# WHAT IS REQUIRED
Among these records, which lines include "clipPath"? Copy them out.

# INFORMATION SHOWN

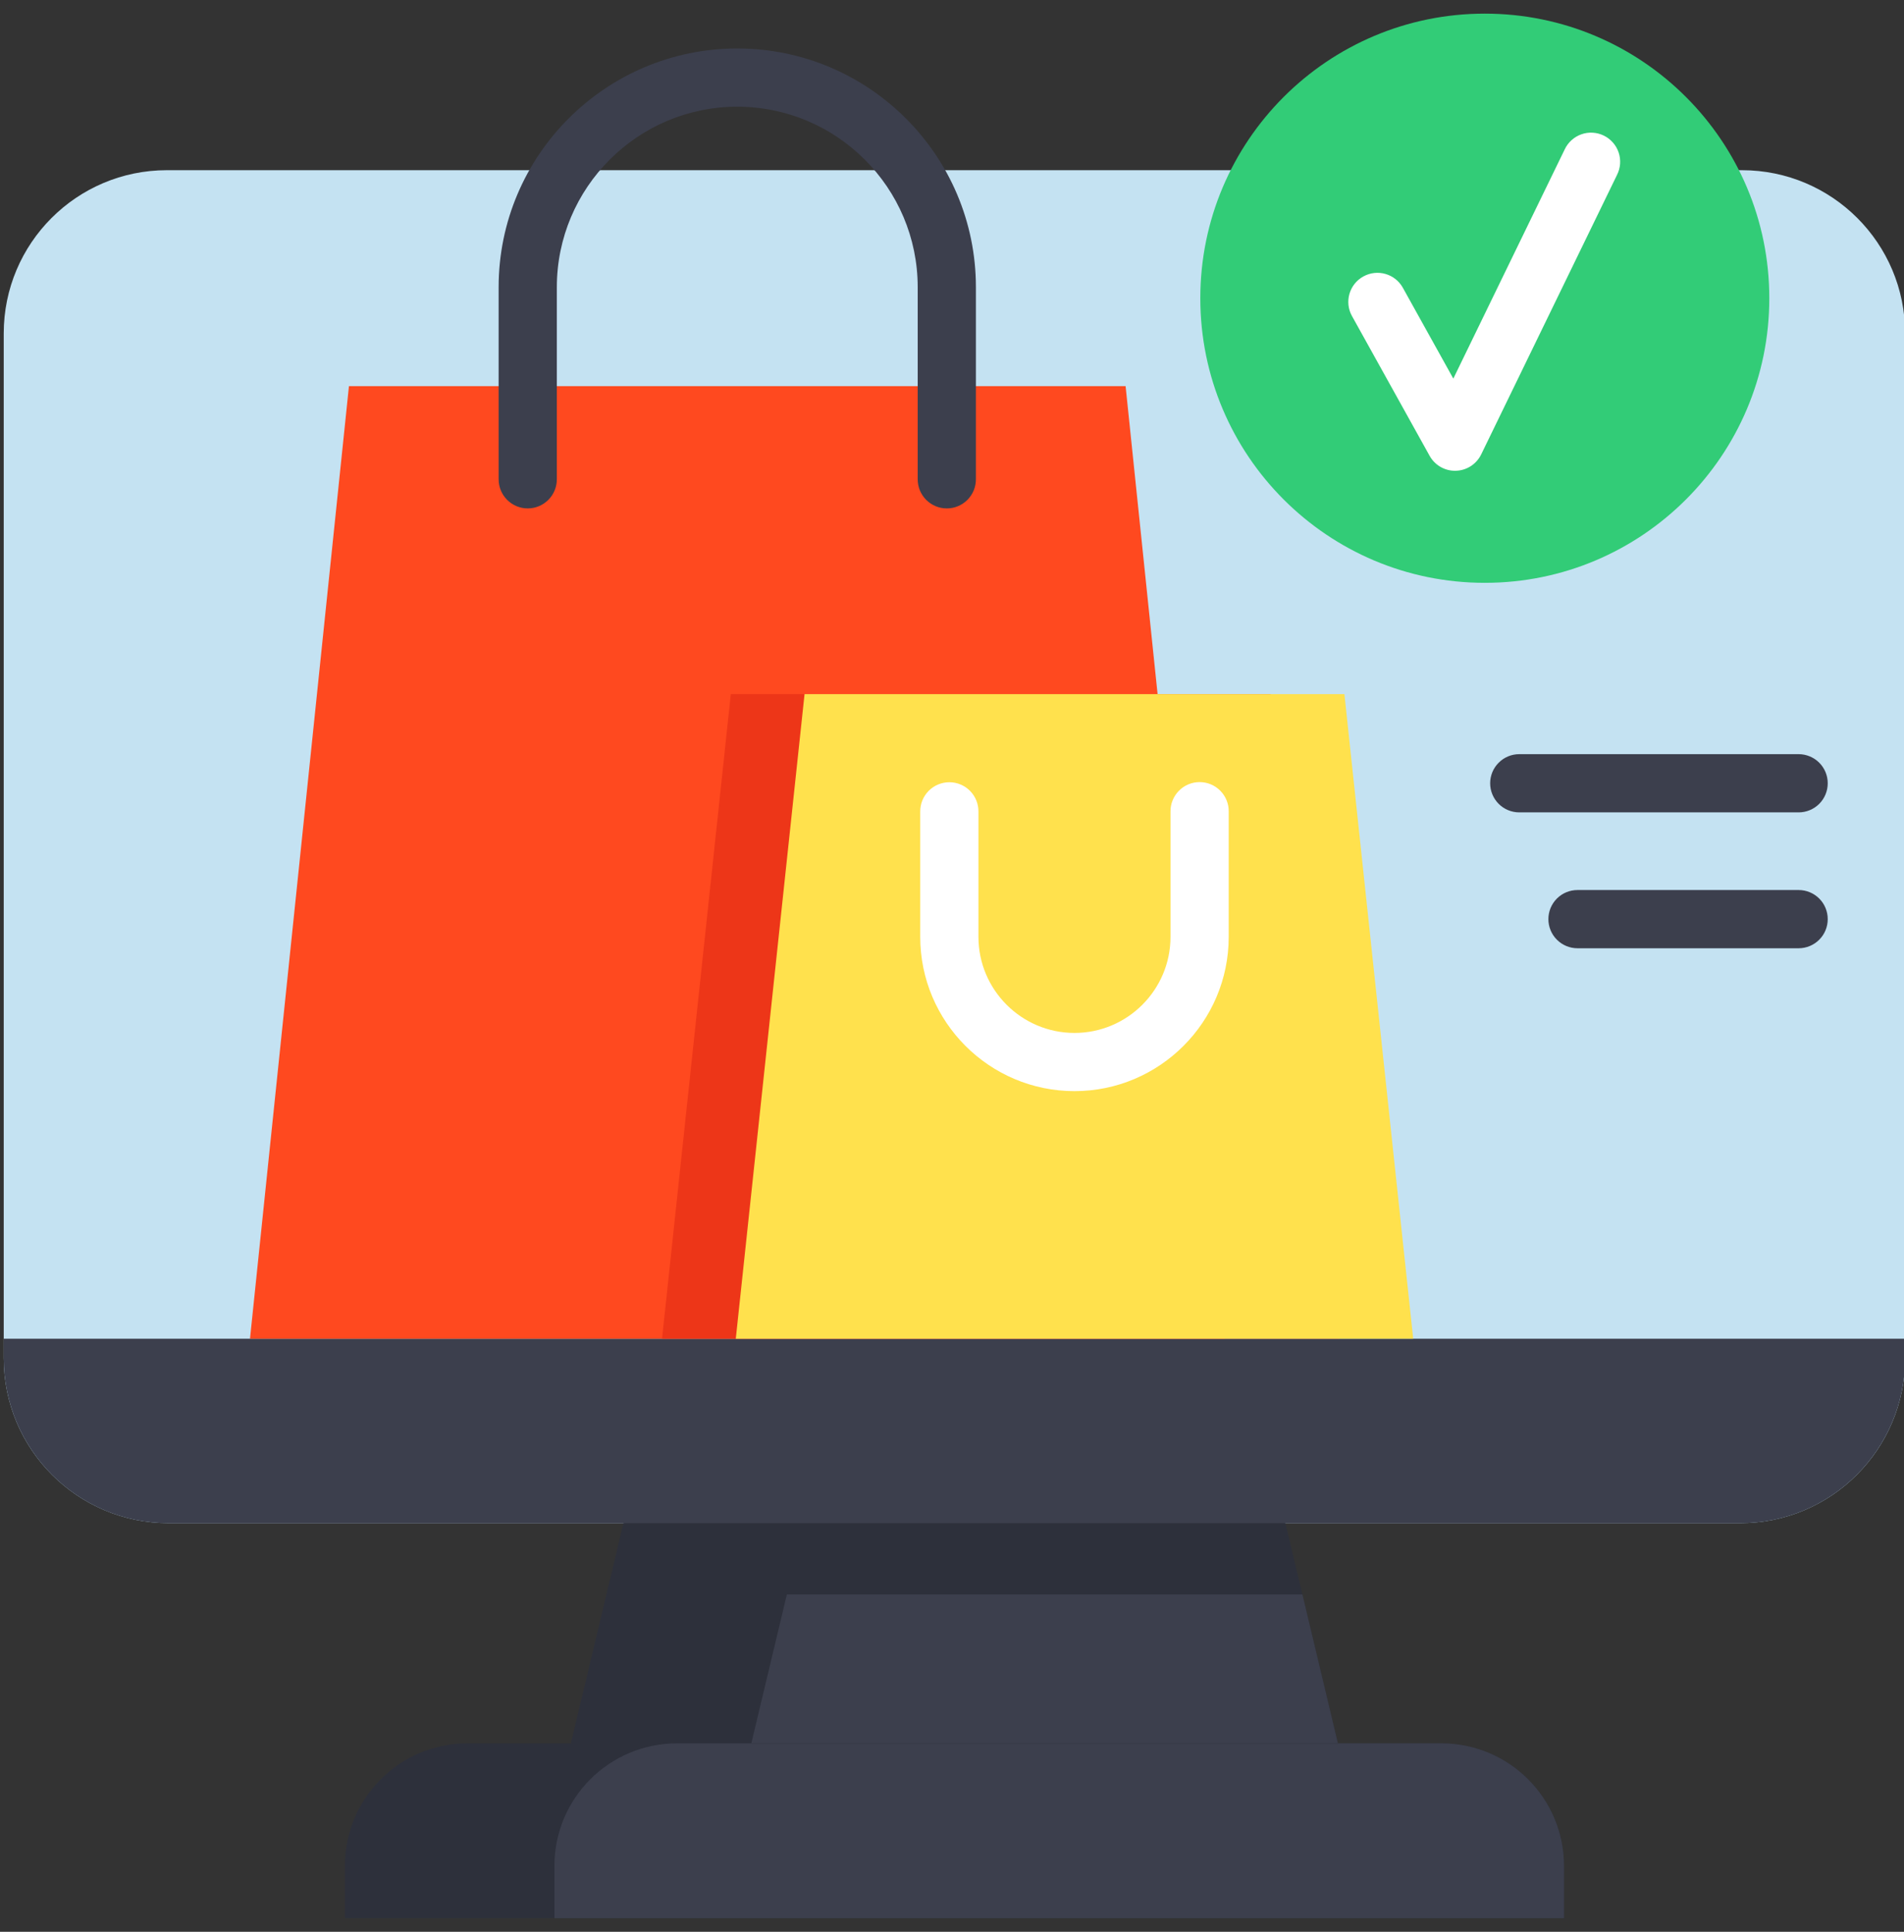 <svg width="70" height="71" viewBox="0 0 70 71" fill="none" xmlns="http://www.w3.org/2000/svg">
<rect x="0" y="0" width="70" height="71" fill="#333333" stroke="none"/>
<g clip-path="url(#clip0_5112_36200)">
<path d="M0.137 12.256V49.917C0.137 53.267 2.852 55.982 6.202 55.982H63.976C67.326 55.982 70.041 53.267 70.041 49.917V12.256C70.041 8.942 67.355 6.255 64.04 6.255H6.137C2.823 6.255 0.137 8.942 0.137 12.256Z" fill="#C4E2F2"/>
<path d="M49.189 64.075L35.089 67.287L20.988 64.075L22.92 55.983L34.49 51.728L47.257 55.983L47.882 58.602L49.189 64.075Z" fill="#2D303B"/>
<path d="M70.041 49.203V49.917C70.041 53.266 67.325 55.983 63.975 55.983H6.201C2.851 55.983 0.137 53.266 0.137 49.917V49.203H70.041ZM49.188 64.075H27.622L28.929 58.602H47.882L49.188 64.075Z" fill="#3C3F4D"/>
<path d="M57.499 68.58V70.501H12.68V68.58C12.68 66.092 14.697 64.075 17.185 64.075H52.993C55.481 64.075 57.499 66.092 57.499 68.58Z" fill="#2D303B"/>
<path d="M57.499 68.58V70.501H20.383V68.58C20.383 66.092 22.4 64.075 24.89 64.075H52.994C55.482 64.075 57.499 66.092 57.499 68.58Z" fill="#3C3F4D"/>
<path d="M12.829 14.192H41.382L45.02 49.203H9.191L12.829 14.192Z" fill="#FF491F"/>
<path d="M26.868 25.512H46.716L49.245 49.203H24.34L26.868 25.512Z" fill="#ED3618"/>
<path d="M29.579 25.512H49.427L51.956 49.203H27.051L29.579 25.512Z" fill="#FFE14D"/>
<path d="M34.809 18.686C34.668 18.686 34.529 18.659 34.399 18.605C34.27 18.551 34.152 18.472 34.052 18.373C33.953 18.273 33.874 18.155 33.82 18.026C33.767 17.896 33.739 17.756 33.739 17.616V10.555C33.739 6.897 30.763 3.922 27.105 3.922C23.448 3.922 20.472 6.897 20.472 10.555V17.616C20.472 17.9 20.359 18.172 20.159 18.372C19.958 18.573 19.686 18.686 19.402 18.686C19.118 18.686 18.846 18.573 18.645 18.372C18.445 18.172 18.332 17.9 18.332 17.616V10.555C18.332 5.717 22.268 1.782 27.105 1.782C31.943 1.782 35.879 5.718 35.879 10.555V17.616C35.879 17.756 35.851 17.896 35.798 18.026C35.744 18.155 35.665 18.273 35.566 18.373C35.466 18.472 35.348 18.551 35.218 18.605C35.089 18.659 34.949 18.686 34.809 18.686Z" fill="#3C3F4D"/>
<path d="M39.503 40.103C36.376 40.103 33.832 37.56 33.832 34.433V29.832C33.831 29.691 33.857 29.55 33.91 29.419C33.963 29.288 34.042 29.169 34.141 29.068C34.241 28.967 34.359 28.887 34.49 28.833C34.62 28.778 34.761 28.75 34.902 28.75C35.044 28.75 35.184 28.778 35.314 28.833C35.445 28.887 35.563 28.967 35.663 29.068C35.763 29.169 35.841 29.288 35.894 29.419C35.947 29.55 35.974 29.691 35.972 29.832V34.433C35.972 36.38 37.556 37.964 39.503 37.964C41.45 37.964 43.033 36.38 43.033 34.433V29.832C43.031 29.691 43.057 29.549 43.11 29.418C43.163 29.286 43.241 29.166 43.341 29.065C43.44 28.964 43.559 28.883 43.69 28.828C43.821 28.773 43.961 28.745 44.103 28.745C44.245 28.745 44.386 28.773 44.517 28.828C44.648 28.883 44.767 28.964 44.866 29.065C44.966 29.166 45.044 29.286 45.097 29.418C45.15 29.549 45.176 29.691 45.173 29.832V34.433C45.173 37.56 42.63 40.103 39.503 40.103Z" fill="white"/>
<path d="M65.048 10.961C65.048 16.738 60.365 21.421 54.588 21.421C48.812 21.421 44.129 16.738 44.129 10.961C44.129 5.185 48.812 0.501 54.588 0.501C60.365 0.501 65.048 5.185 65.048 10.961Z" fill="#32CC77"/>
<path d="M53.494 17.303C53.303 17.303 53.116 17.252 52.951 17.155C52.787 17.058 52.651 16.919 52.559 16.752L49.705 11.616C49.418 11.1 49.604 10.448 50.121 10.162C50.638 9.875 51.289 10.06 51.576 10.578L53.431 13.915L57.525 5.493C57.585 5.365 57.67 5.249 57.775 5.154C57.88 5.058 58.003 4.984 58.137 4.937C58.27 4.889 58.412 4.869 58.554 4.877C58.696 4.885 58.835 4.921 58.962 4.983C59.09 5.045 59.204 5.132 59.298 5.239C59.392 5.345 59.463 5.469 59.509 5.604C59.554 5.739 59.572 5.881 59.562 6.023C59.551 6.164 59.513 6.302 59.449 6.429L54.456 16.7C54.37 16.876 54.238 17.026 54.074 17.132C53.909 17.238 53.719 17.297 53.523 17.302C53.514 17.302 53.504 17.303 53.494 17.303L53.494 17.303Z" fill="white"/>
<path d="M66.127 29.858H55.855C55.571 29.858 55.299 29.745 55.099 29.545C54.898 29.344 54.785 29.072 54.785 28.788C54.785 28.505 54.898 28.232 55.099 28.032C55.299 27.831 55.571 27.718 55.855 27.718H66.127C66.267 27.718 66.406 27.746 66.536 27.8C66.666 27.854 66.784 27.932 66.883 28.032C66.983 28.131 67.061 28.249 67.115 28.379C67.169 28.509 67.196 28.648 67.196 28.788C67.196 29.072 67.084 29.344 66.883 29.545C66.682 29.745 66.41 29.858 66.127 29.858ZM66.127 34.852H57.996C57.712 34.852 57.44 34.739 57.239 34.538C57.038 34.337 56.926 34.065 56.926 33.782C56.926 33.498 57.038 33.226 57.239 33.025C57.44 32.824 57.712 32.712 57.996 32.712H66.127C66.267 32.712 66.406 32.739 66.536 32.793C66.666 32.847 66.784 32.926 66.883 33.025C66.983 33.124 67.061 33.242 67.115 33.372C67.169 33.502 67.196 33.641 67.196 33.782C67.196 34.066 67.084 34.338 66.883 34.538C66.682 34.739 66.41 34.852 66.127 34.852Z" fill="#3C3F4D"/>
</g>
<defs>
<clipPath id="clip0_5112_36200">
<rect width="70" height="70" fill="white" transform="translate(0 0.501)"/>
</clipPath>
</defs>
</svg>

# FINAL ANSWER
<clipPath id="clip0_5112_36200">
</clipPath>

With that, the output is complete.